Derden die te goeder trouw rechten op het terug te geven goed hebben verkregen, kunnen onder omstandigheden bescherming ontlenen aan art. 51 lid 2 Fw. Deze eigen bepaling van derdenbescherming binnen de regeling van de faillissementspauliana is een lex specialis van art. 3:86, 3:88, 3:238 en 3:239 lid 4 BW.5 De bescherming die art. 51 lid 2 Fw biedt wijkt op bepaalde punten af van deze algemene regels met betrekking tot derdenbescherming (§ 6.2). Dit is onder meer het gevolg van het feit dat art. 51 lid 2 Fw een 'generieke' beschermingsbepaling is, waarbinnen niet relevant is wat voor een soort goed van de beschikkingsonbevoegde is verkregen. De vraag is wat het verschil in bescherming (thans nog) rechtvaardigt.
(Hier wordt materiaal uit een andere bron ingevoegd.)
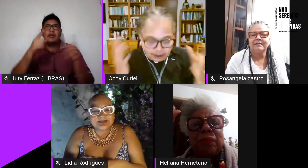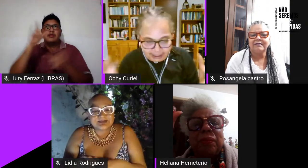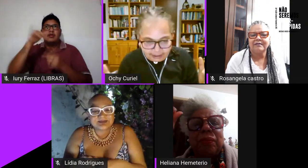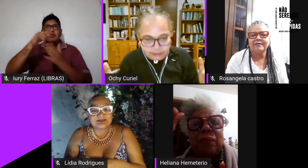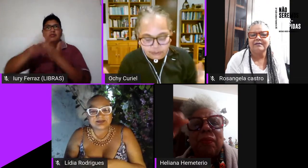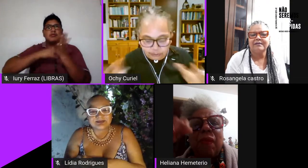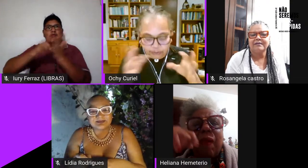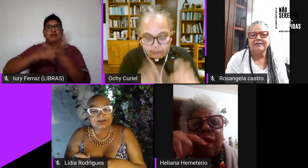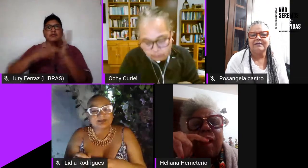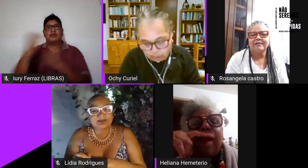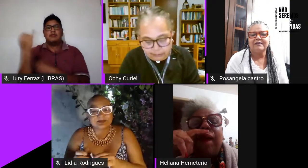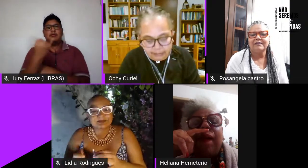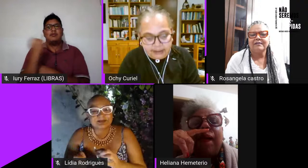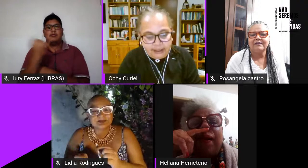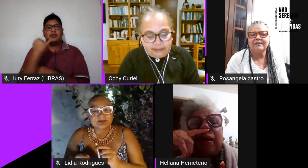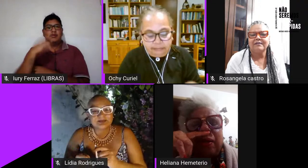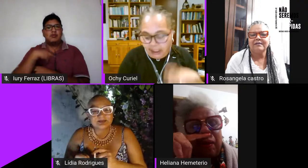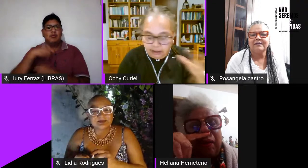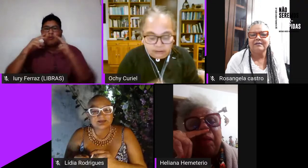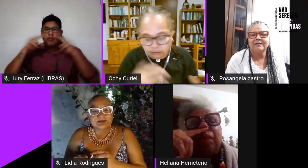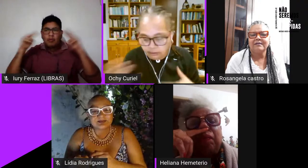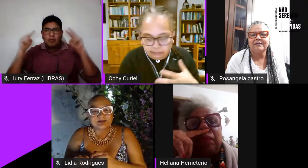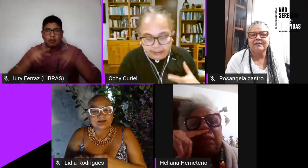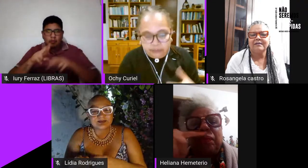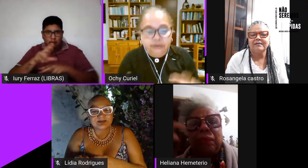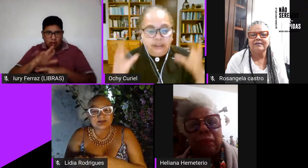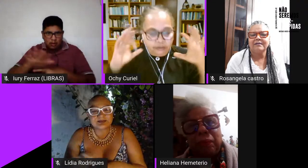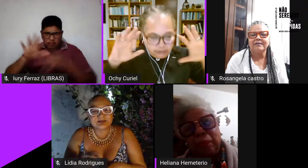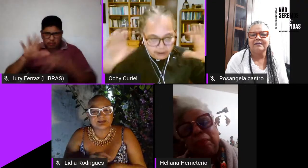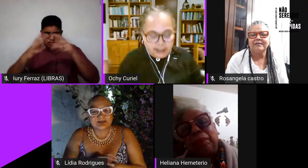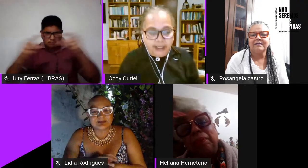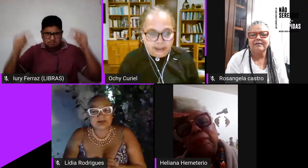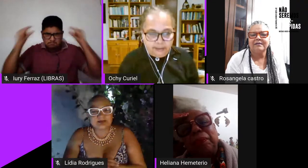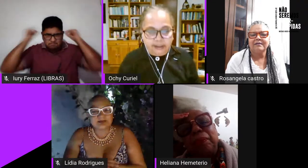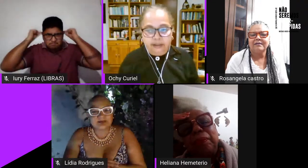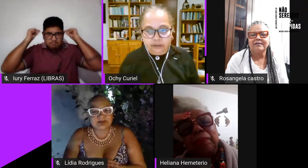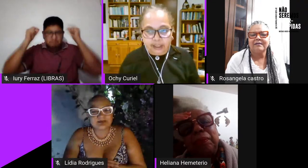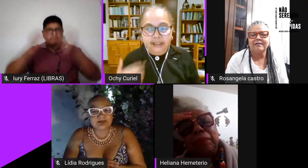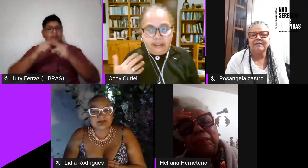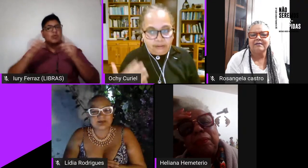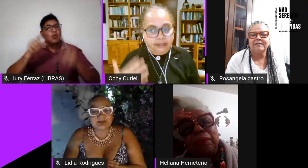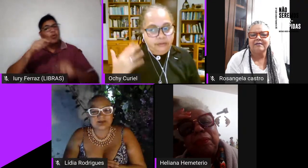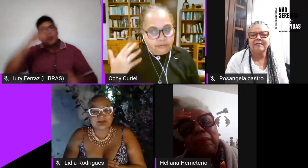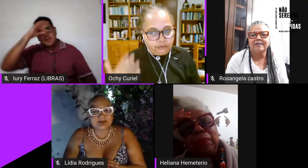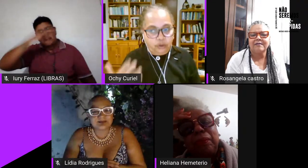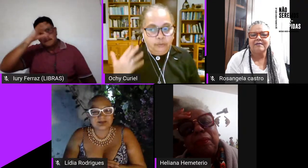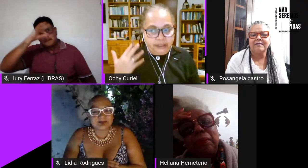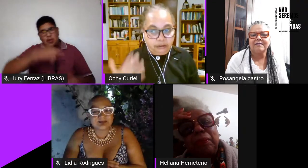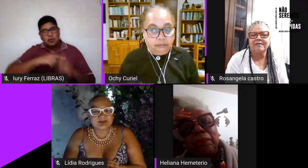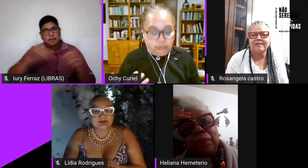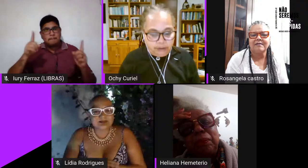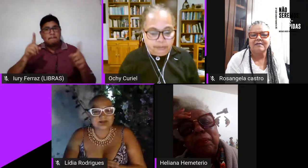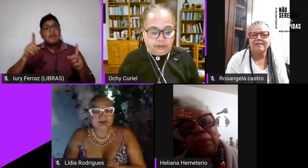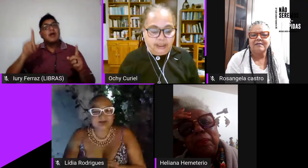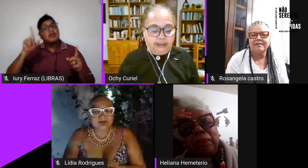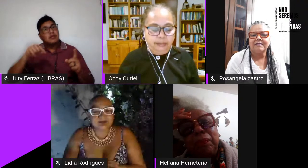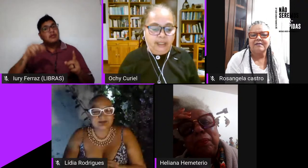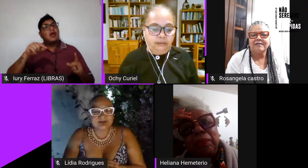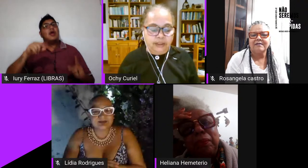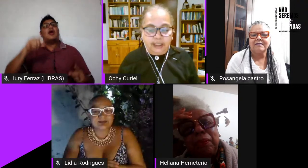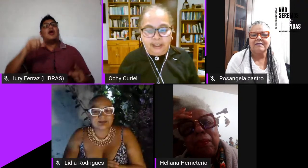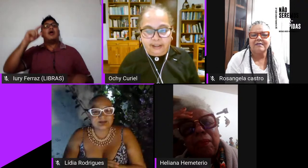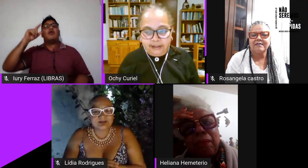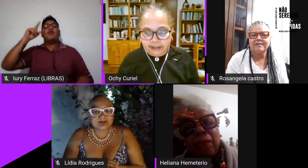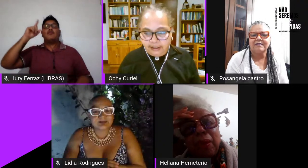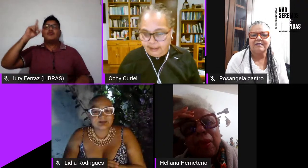regional não só em México ou Perú mas a nível regional e acho que é um documento muito importante

Wat zijn de redenen voor de wetgever geweest om binnen de regeling van de faillissementspauliana een eigen regime van derdenbescherming op te nemen en deze te handhaven (§ 6.3)? Gaan de argumenten van de wetgever niet (meer) op en ontbreekt ook een andere rechtvaardiging, dan moet art. 51 lid 2 Fw worden geschrapt. De bescherming tegen beschikkingsonbevoegdheid die het gevolg is van een geslaagd beroep op art. 42 e.v. Fw kan dan worden overgelaten aan de in Boek 3 van het Burgerlijk Wetboek opgenomen beschermingsbepalingen.